We searched MEDLINE, PubMed, and the Cochrane Library for English-language articles published from January 1990 to December 2014. We used the following terms: “pelvic floor disorders”, “prevalence”, “risk factors”, “primary care”, and “adult women”. We included studies that examined the prevalence of PFDs in primary care populations of women 18 years or older.
We identified 25 studies that met our inclusion criteria. The studies were conducted in a variety of primary care settings, including general practice/family medicine (n=11), obstetrics and gynecology (n=9), and urogynecology (n=5). The overall prevalence of PFDs ranged from 11.8% to 41.9%. The most commonly reported PFD was urinary incontinence (UI), with a prevalence ranging from 6.3% to 37.7%. The prevalence of other PFDs varied widely, with the highest prevalence for anal incontinence (4.3–17.2%) and the lowest for pelvic organ prolapse (0.4–5.5%).
Several studies reported risk factors for PFDs. Advanced age was consistently associated with an increased risk of PFDs, with the highest risk in women over the age of 65 years. Other risk factors included nulliparity, obesity, history of hysterectomy, and chronic cough.

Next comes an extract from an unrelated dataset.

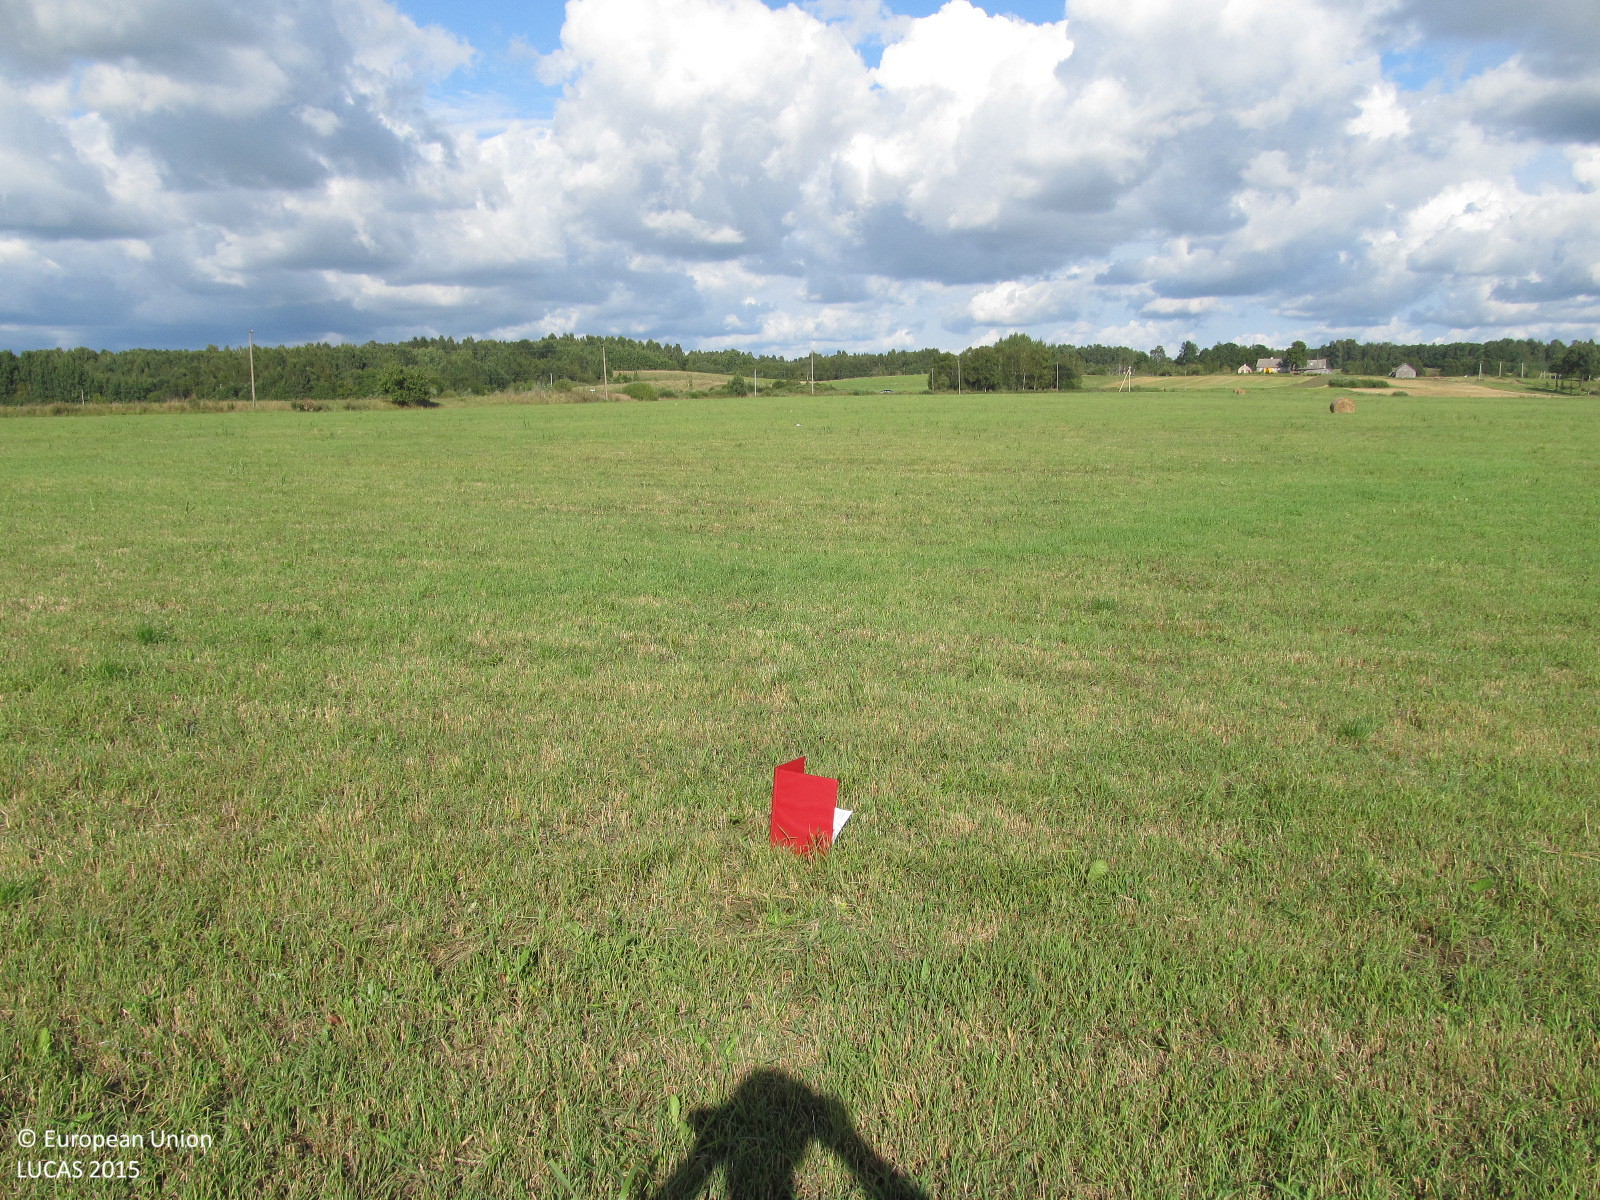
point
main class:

The prevalence of PFDs in women seen in primary care is high, with the most common disorder being UI. Risk factors for PFDs include advanced age, nulliparity, obesity, history of hysterectomy, and chronic cough. Screening for PFDs in primary care settings is important, as these disorders can have a significant impact on a woman’s quality of life.
1. Dumoulin C, Hay-Smith JJC, Mac Habéne E, Coyle ME. Pelvic floor muscle training versus no treatment, or inactive control treatments, for urinary incontinence in women. Cochrane Database Syst Rev. 2010;(7):CD005654.
2. Environmental Protection Agency. The burden of incontinence. EPA/600/R-06/036. Washington, DC: Environmental Protection Agency; 2006.
3. National Institute for Health and Care Excellence. Urinary incontinence: the management of urinary incontinence in women. CG140. London: National Institute for Health and Care Excellence; 2013.
4. Kreder KJ, Nygaard IE. The prevalence of pelvic floor disorders in U.S. women. JAMA. 1997;278(11):1500-1505.
5. Melville JL, Fan MY, Katon WJ. Prevalence of pelvic floor disorders in primary care practices in the United States. JAMA. 2005;294(8):950-958.
6. You W, Subak LL, Shlipak MG, et al. Prevalence and correlates of urinary incontinence among women in primary care. J Gen Intern Med. 2006;21(12):1230-1236.
7. Wu JM, Brooks GD, Sobel BE, et al. Prevalence and risk factors foridiopathic urinary retention in women. JAMA. 2000;283(7):825-832.